Type out the lines below exactly, pictures excluded.
* * * * *
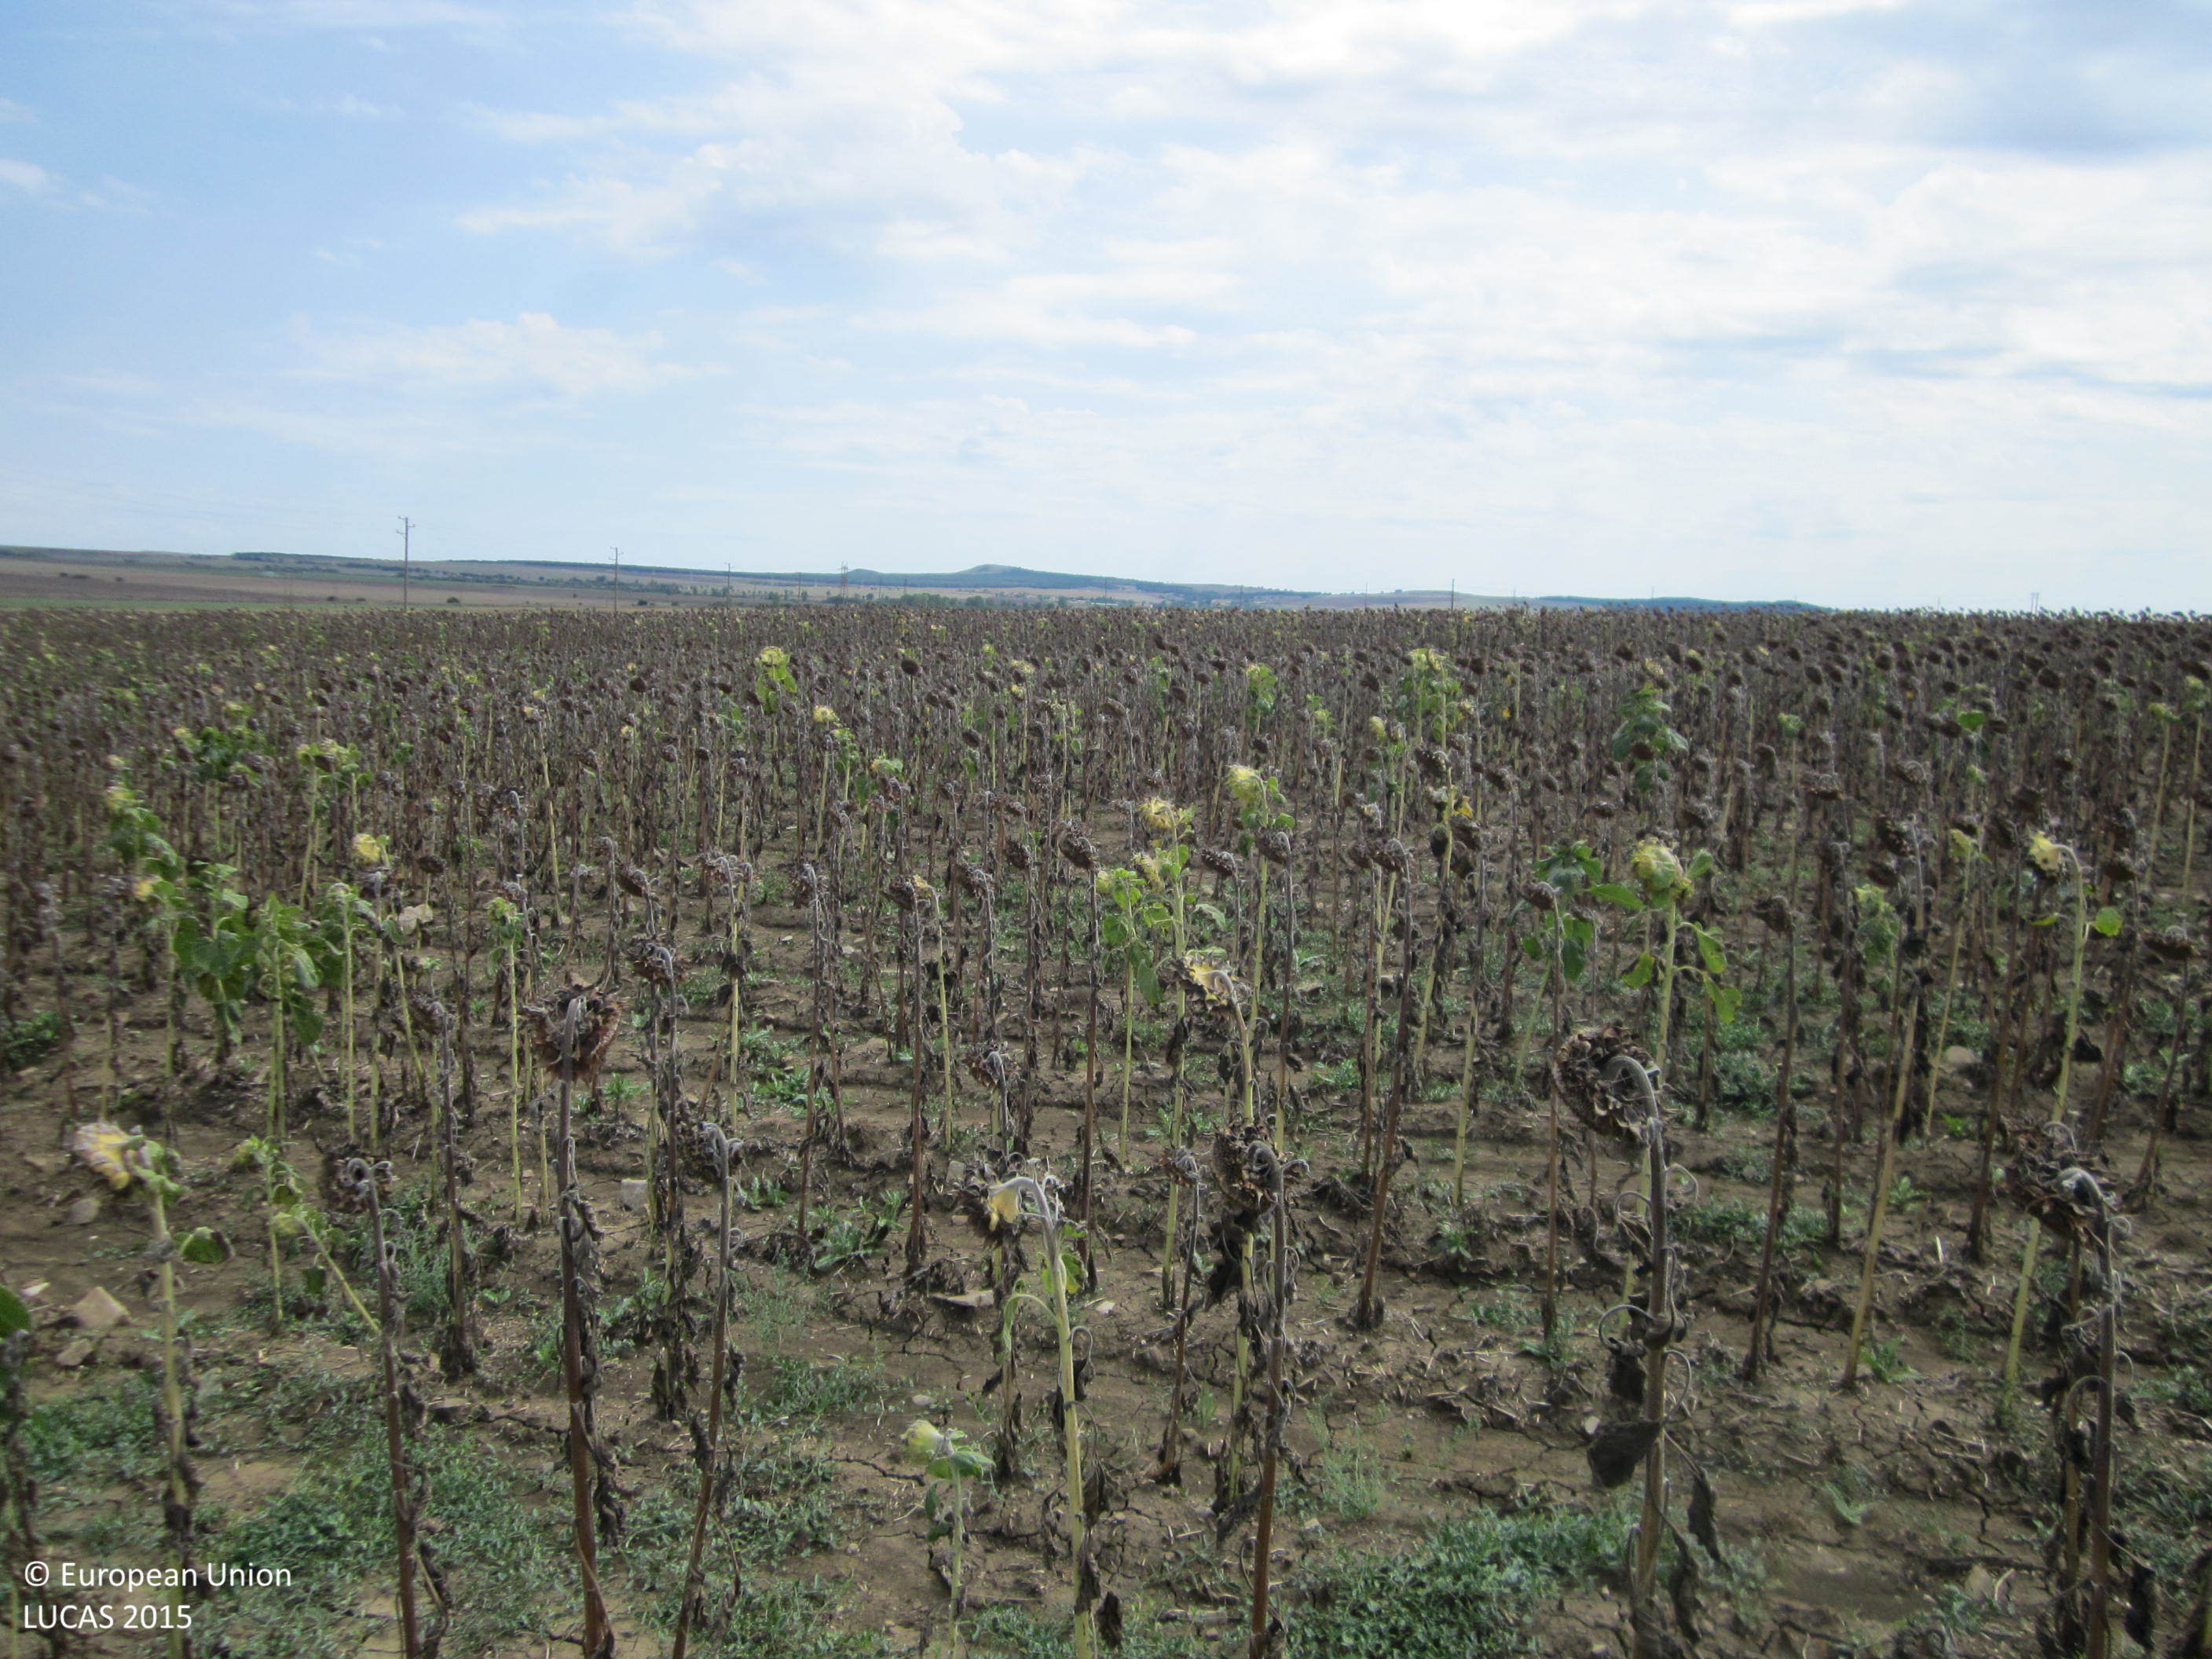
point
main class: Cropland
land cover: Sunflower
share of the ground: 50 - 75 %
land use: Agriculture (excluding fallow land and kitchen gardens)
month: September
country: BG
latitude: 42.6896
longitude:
* * * * *
● Response below:
point
main class: Cropland
land cover: Sunflower
share of the ground: 50 - 75 %
land use: Agriculture (excluding fallow land and kitchen gardens)
month: September
country: BG
latitude: 42.6896
longitude:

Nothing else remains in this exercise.